The research is based upon the assumption that specific indicators can predict
the start of large-scale diffusion. The scientific field of forecasting the
start of large-scale diffusion is relatively new. Therefore, an explorative
methodology was required for this research. During the explorative process, it
was ensured that indicators reflect on the holistic environment of an
innovation by minding the so-called data collection cube.

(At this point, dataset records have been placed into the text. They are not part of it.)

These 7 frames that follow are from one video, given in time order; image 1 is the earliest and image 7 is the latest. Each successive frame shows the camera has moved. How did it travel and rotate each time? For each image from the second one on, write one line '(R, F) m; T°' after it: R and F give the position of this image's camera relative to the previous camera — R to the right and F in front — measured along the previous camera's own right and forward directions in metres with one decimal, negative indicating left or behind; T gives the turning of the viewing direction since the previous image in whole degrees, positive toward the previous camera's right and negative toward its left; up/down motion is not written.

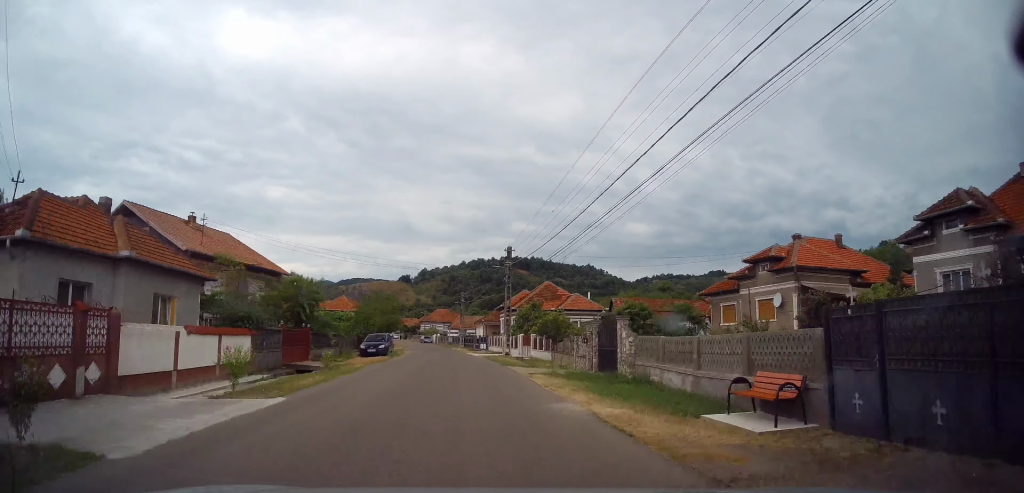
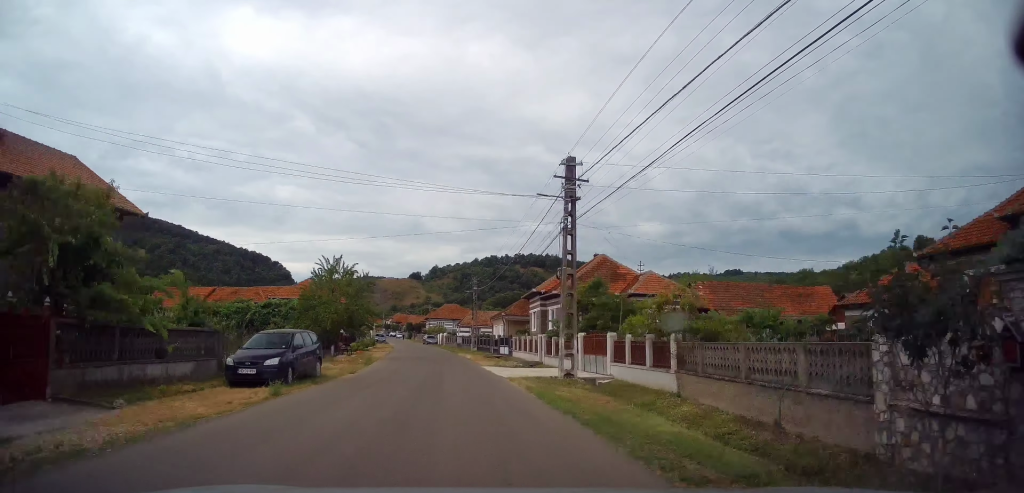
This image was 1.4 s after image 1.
(+0.4, +15.3) m; +4°
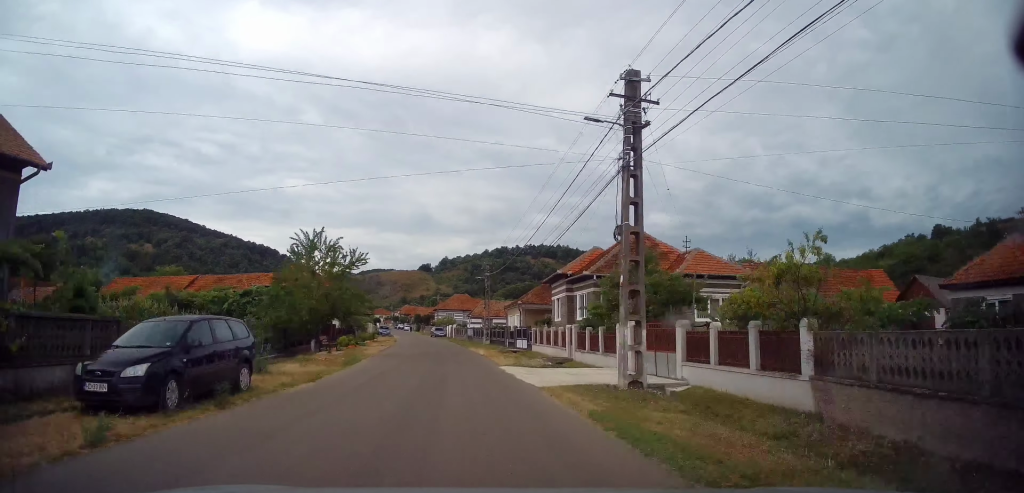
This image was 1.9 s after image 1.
(0.0, +4.8) m; +1°
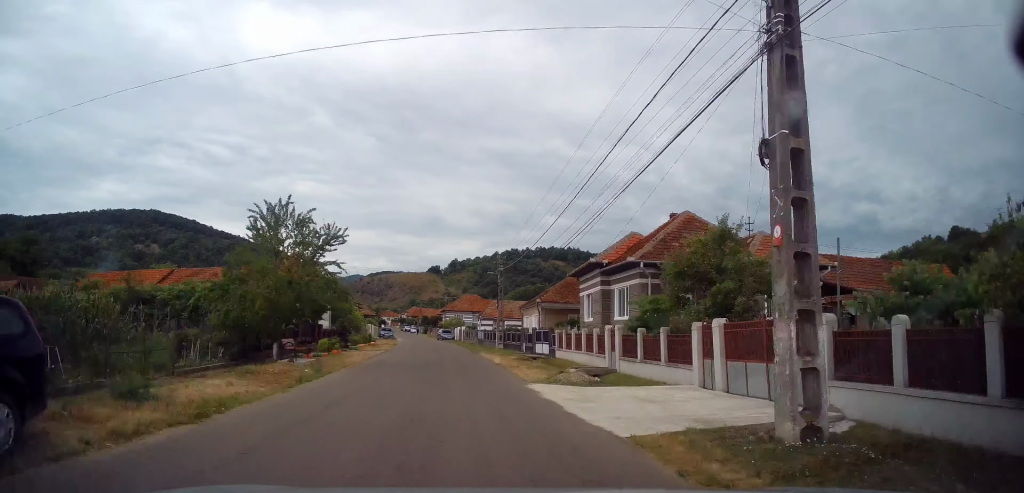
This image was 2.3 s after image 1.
(+0.1, +5.9) m; -3°
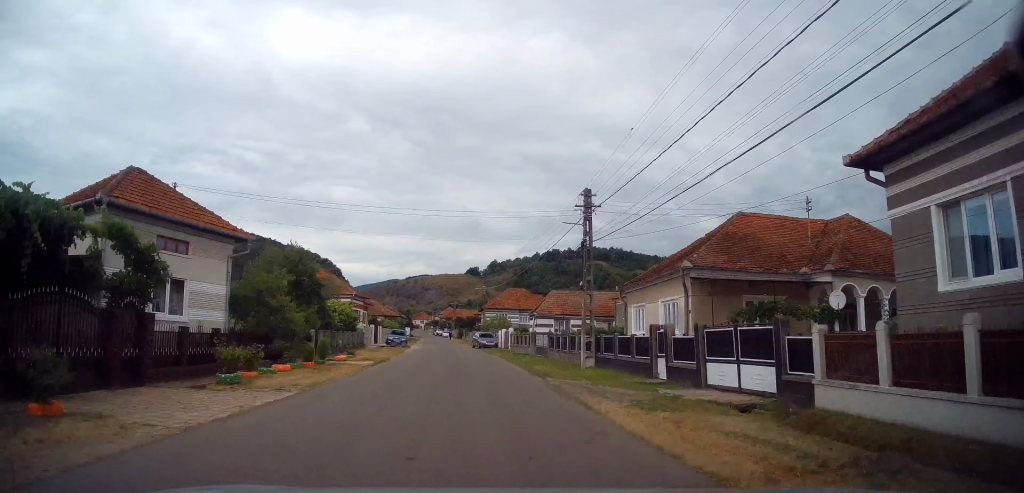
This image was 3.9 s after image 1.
(-2.6, +24.0) m; -11°
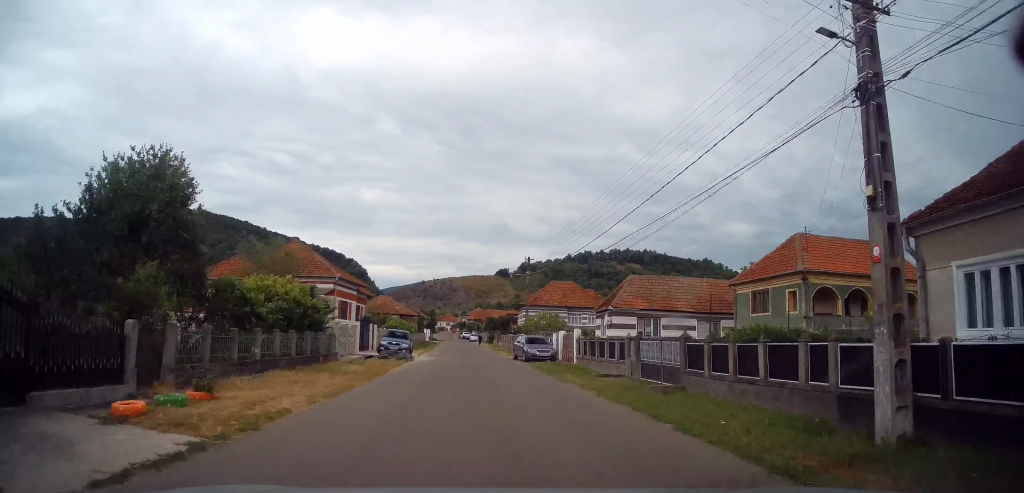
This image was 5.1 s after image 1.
(0.0, +22.9) m; -1°
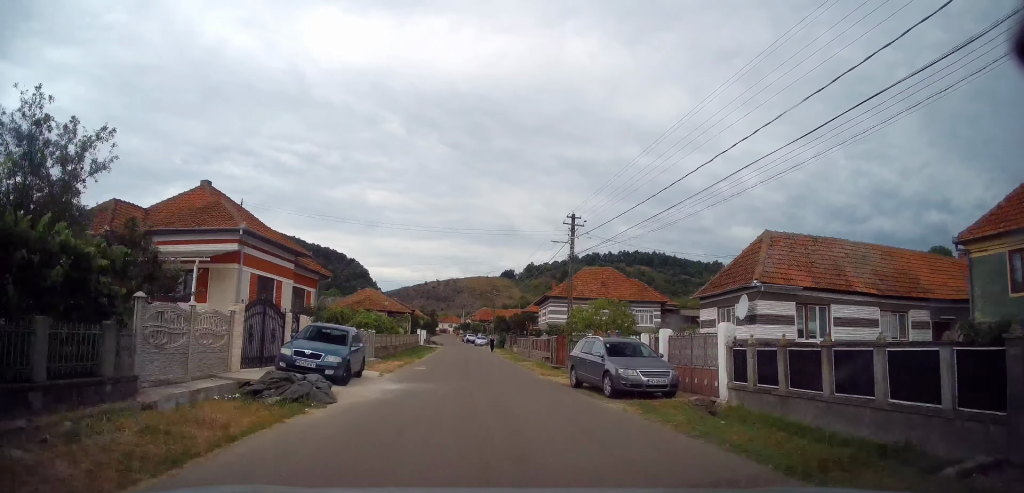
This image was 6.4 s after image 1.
(-0.4, +21.3) m; -1°

A data selection funnel was created, narrowing scientific branches down to a
list of indicators in three steps. Each of these steps has its own criteria
designed to:

• Select scientific branches with the highest potential to find results in the
literature reviews

• Derive indicators that can observe the diffusion

• Select indicators that can predict the start of large-scale diffusion   The
last step of the data selection funnel, selecting the indicators which can
actually predict, was carried out with the support of three researchers. Eight
criteria were used to select the most potential indicators: (i) Prediction,
(ii) Timeliness of prediction, (iii) Availability of data, (iv) Cost of data,
(v) Quantifiable& Objectivity, (vi) Empirical proof, (vii)
Generalizability, (viii)Simplicity. The researchers were asked to evaluate the
indicators according to the criteria (i) and (vi) as part of the scientific
quality gate selecting the most potential indicators. After the indicators have
been evaluated, a sensitivity analysis has been performed to improve the
robustness of the selection mechanisms and to rule out an arbitrary selection
of the indicators. Out of 50 indicators found in the literature or derived from
the literature, 38 indicators were selected according to the selection
mechanism. These 38 indicators have been split into two sets of judgemental and
non-judgemental indicators to prepare the design of the forecasting approach.  
The forecasting approach aims to guide a user towards the correct forecasting
technique given an innovation and situation. Five forecasting techniques were
found to befitting the: (i) assumptions-based modelling, (ii) Delphi method,
(iii)analogous forecasting, (iv) time series & regression models, and
(v)artificial neural networks. However, each of the five forecasting techniques
have disadvantages that can be overcome by one of the other methods. Hence, the
forecasting approach has two stages. First, the user is guided towards the
primary method and subsequently towards an additional method overcoming the
disadvantages of the first method and improving the overall reliability of the
forecast. For each method, a set of indicators is recommended.   Once the
forecasting approach has been developed, the completeness of indicators has
been checked by using Ortt & Kamp’s 14 factors influencing the
pre-diffusion phase. Additionally, four validation interviews applying the
research on green hydrogen have been performed to let external actors reflect.
These validation interviews formed the practical quality gate forging a bridge
to the earlier mentioned scientific quality gate.